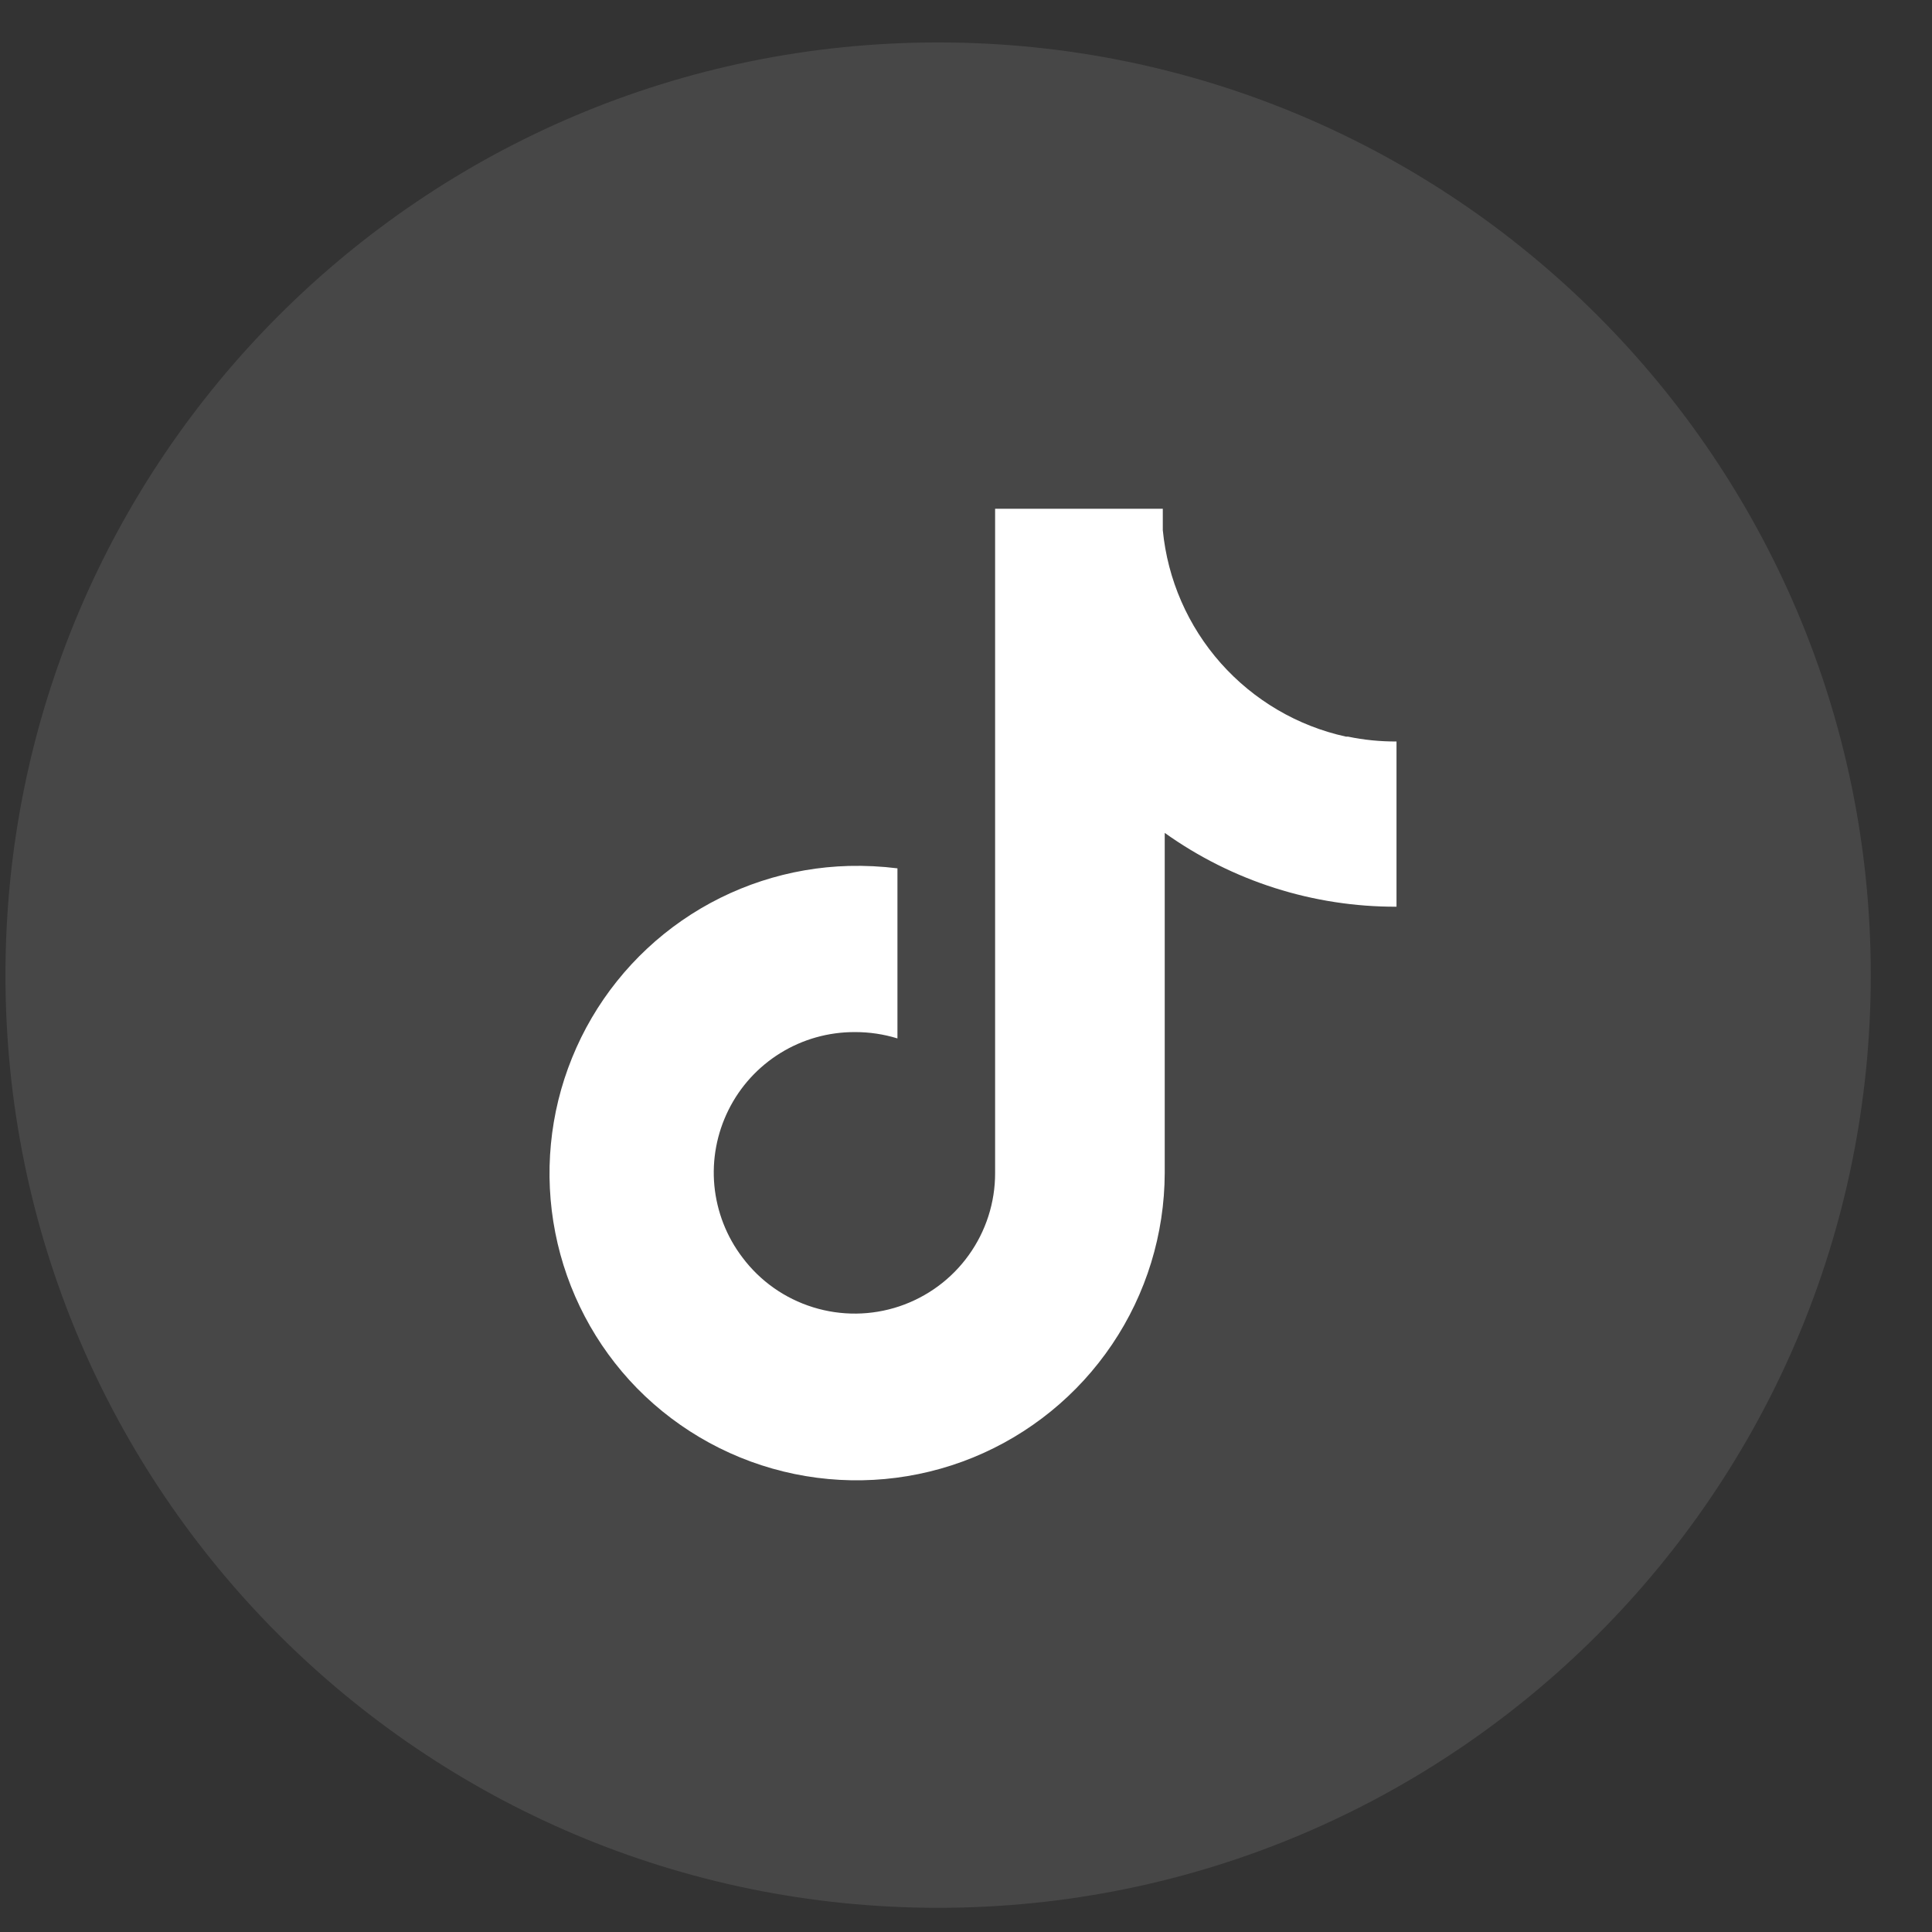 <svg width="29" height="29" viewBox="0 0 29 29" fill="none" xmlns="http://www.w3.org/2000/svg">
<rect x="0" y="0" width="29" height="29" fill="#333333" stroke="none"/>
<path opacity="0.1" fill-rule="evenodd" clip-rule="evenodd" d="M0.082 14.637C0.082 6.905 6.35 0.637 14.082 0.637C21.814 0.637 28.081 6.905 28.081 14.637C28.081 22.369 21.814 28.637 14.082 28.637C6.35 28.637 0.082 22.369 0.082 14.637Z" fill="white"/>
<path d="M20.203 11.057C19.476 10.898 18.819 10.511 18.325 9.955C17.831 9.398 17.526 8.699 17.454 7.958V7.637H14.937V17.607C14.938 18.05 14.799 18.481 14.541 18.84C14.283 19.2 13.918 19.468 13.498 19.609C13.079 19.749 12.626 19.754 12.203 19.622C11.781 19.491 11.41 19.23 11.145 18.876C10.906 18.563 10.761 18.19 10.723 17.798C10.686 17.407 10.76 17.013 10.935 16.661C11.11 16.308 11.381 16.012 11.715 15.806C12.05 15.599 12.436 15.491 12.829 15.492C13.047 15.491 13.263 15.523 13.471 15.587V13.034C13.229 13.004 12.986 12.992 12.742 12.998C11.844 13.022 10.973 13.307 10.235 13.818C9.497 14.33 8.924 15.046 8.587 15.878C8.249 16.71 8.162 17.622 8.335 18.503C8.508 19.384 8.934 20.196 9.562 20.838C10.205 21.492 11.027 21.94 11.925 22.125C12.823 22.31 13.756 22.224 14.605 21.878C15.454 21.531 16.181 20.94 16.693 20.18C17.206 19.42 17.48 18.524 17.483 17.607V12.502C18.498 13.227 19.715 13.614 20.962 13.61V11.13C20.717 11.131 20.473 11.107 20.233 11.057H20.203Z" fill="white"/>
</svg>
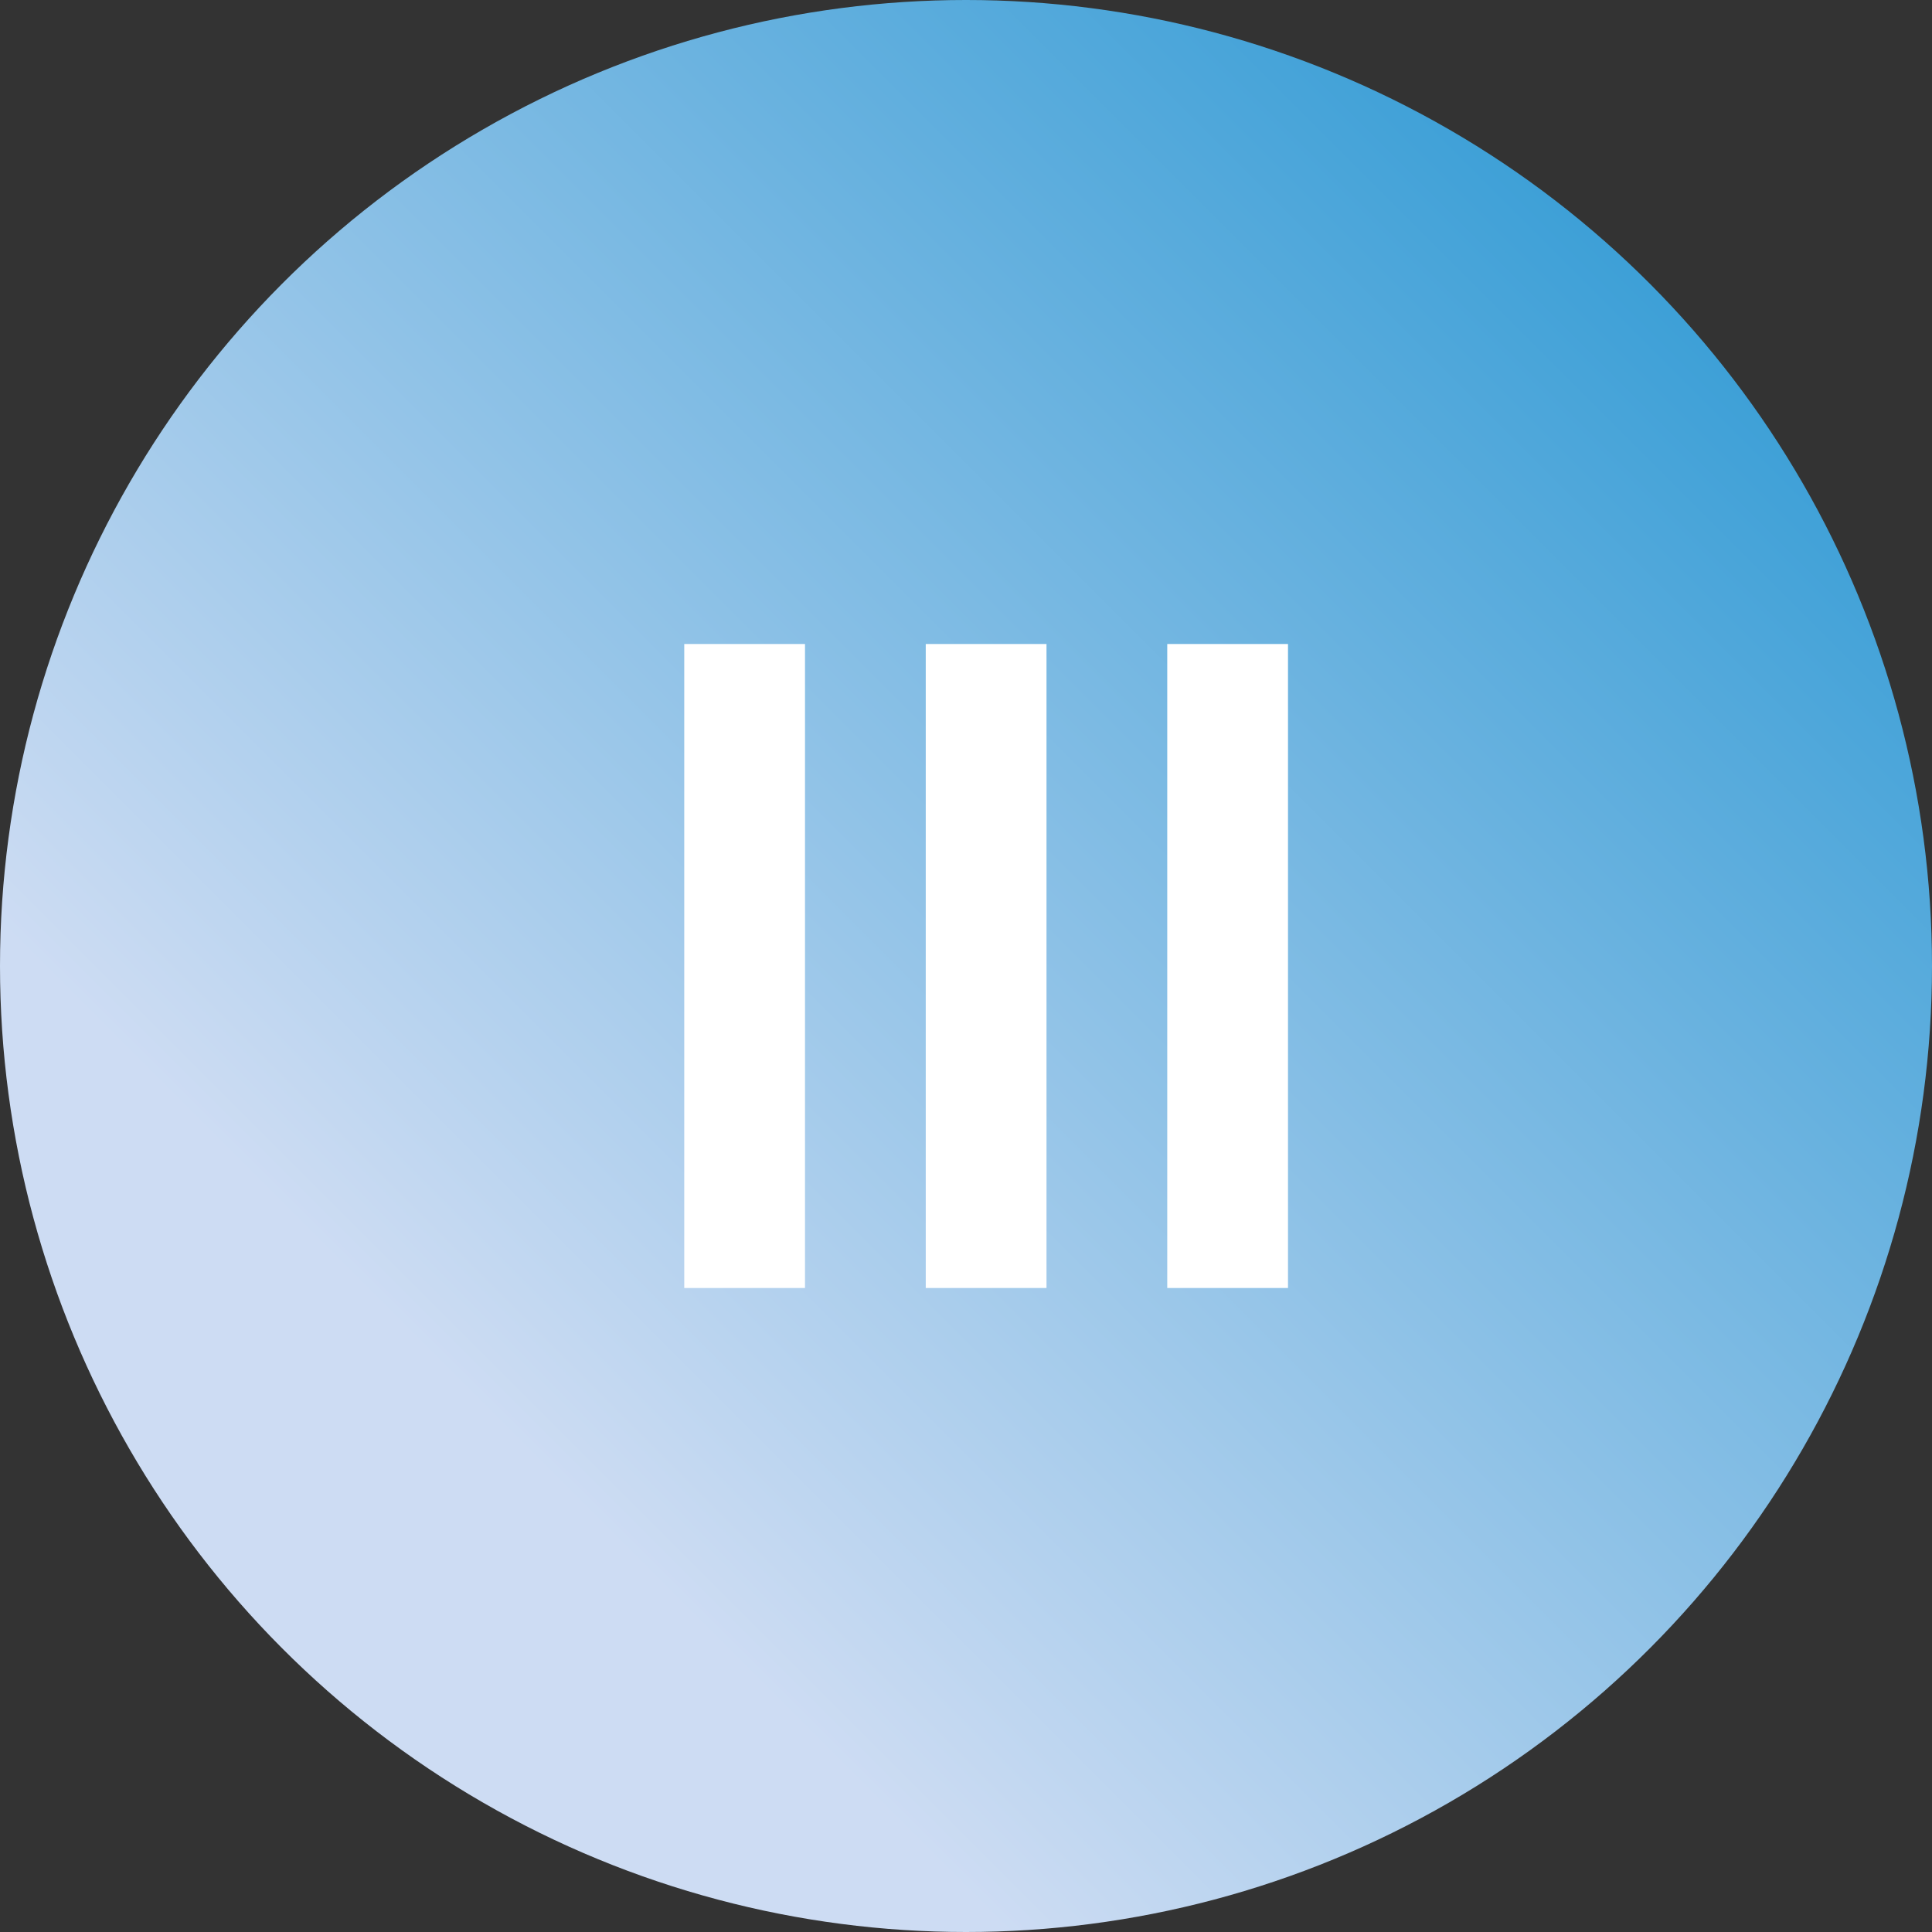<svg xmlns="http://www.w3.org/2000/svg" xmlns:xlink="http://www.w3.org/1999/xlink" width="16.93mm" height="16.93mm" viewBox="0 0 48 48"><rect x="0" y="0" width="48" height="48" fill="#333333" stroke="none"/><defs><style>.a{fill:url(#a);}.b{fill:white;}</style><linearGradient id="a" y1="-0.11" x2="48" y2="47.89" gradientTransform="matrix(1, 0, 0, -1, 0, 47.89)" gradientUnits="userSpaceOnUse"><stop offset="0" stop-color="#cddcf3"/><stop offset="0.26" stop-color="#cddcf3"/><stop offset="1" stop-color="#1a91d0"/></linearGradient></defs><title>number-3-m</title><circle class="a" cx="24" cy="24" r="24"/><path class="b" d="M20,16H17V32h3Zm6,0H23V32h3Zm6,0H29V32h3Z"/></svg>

★ ★ ★ ★ ★

GOAL OF THE EXERCISE |
Copy all of the data word for word, and keep the pictures out of it.

FINISHED TASK |
 <svg width="29" height="29" viewBox="0 0 29 29" fill="none" xmlns="http://www.w3.org/2000/svg">
<rect x="0" y="0" width="29" height="29" fill="#333333" stroke="none"/>
<path opacity="0.1" fill-rule="evenodd" clip-rule="evenodd" d="M0.082 14.637C0.082 6.905 6.35 0.637 14.082 0.637C21.814 0.637 28.081 6.905 28.081 14.637C28.081 22.369 21.814 28.637 14.082 28.637C6.35 28.637 0.082 22.369 0.082 14.637Z" fill="white"/>
<path d="M20.203 11.057C19.476 10.898 18.819 10.511 18.325 9.955C17.831 9.398 17.526 8.699 17.454 7.958V7.637H14.937V17.607C14.938 18.05 14.799 18.481 14.541 18.84C14.283 19.2 13.918 19.468 13.498 19.609C13.079 19.749 12.626 19.754 12.203 19.622C11.781 19.491 11.41 19.23 11.145 18.876C10.906 18.563 10.761 18.19 10.723 17.798C10.686 17.407 10.76 17.013 10.935 16.661C11.11 16.308 11.381 16.012 11.715 15.806C12.05 15.599 12.436 15.491 12.829 15.492C13.047 15.491 13.263 15.523 13.471 15.587V13.034C13.229 13.004 12.986 12.992 12.742 12.998C11.844 13.022 10.973 13.307 10.235 13.818C9.497 14.33 8.924 15.046 8.587 15.878C8.249 16.71 8.162 17.622 8.335 18.503C8.508 19.384 8.934 20.196 9.562 20.838C10.205 21.492 11.027 21.94 11.925 22.125C12.823 22.31 13.756 22.224 14.605 21.878C15.454 21.531 16.181 20.94 16.693 20.18C17.206 19.42 17.48 18.524 17.483 17.607V12.502C18.498 13.227 19.715 13.614 20.962 13.61V11.13C20.717 11.131 20.473 11.107 20.233 11.057H20.203Z" fill="white"/>
</svg>
<svg xmlns="http://www.w3.org/2000/svg" xmlns:xlink="http://www.w3.org/1999/xlink" width="16.93mm" height="16.93mm" viewBox="0 0 48 48"><rect x="0" y="0" width="48" height="48" fill="#333333" stroke="none"/><defs><style>.a{fill:url(#a);}.b{fill:white;}</style><linearGradient id="a" y1="-0.11" x2="48" y2="47.89" gradientTransform="matrix(1, 0, 0, -1, 0, 47.89)" gradientUnits="userSpaceOnUse"><stop offset="0" stop-color="#cddcf3"/><stop offset="0.26" stop-color="#cddcf3"/><stop offset="1" stop-color="#1a91d0"/></linearGradient></defs><title>number-3-m</title><circle class="a" cx="24" cy="24" r="24"/><path class="b" d="M20,16H17V32h3Zm6,0H23V32h3Zm6,0H29V32h3Z"/></svg>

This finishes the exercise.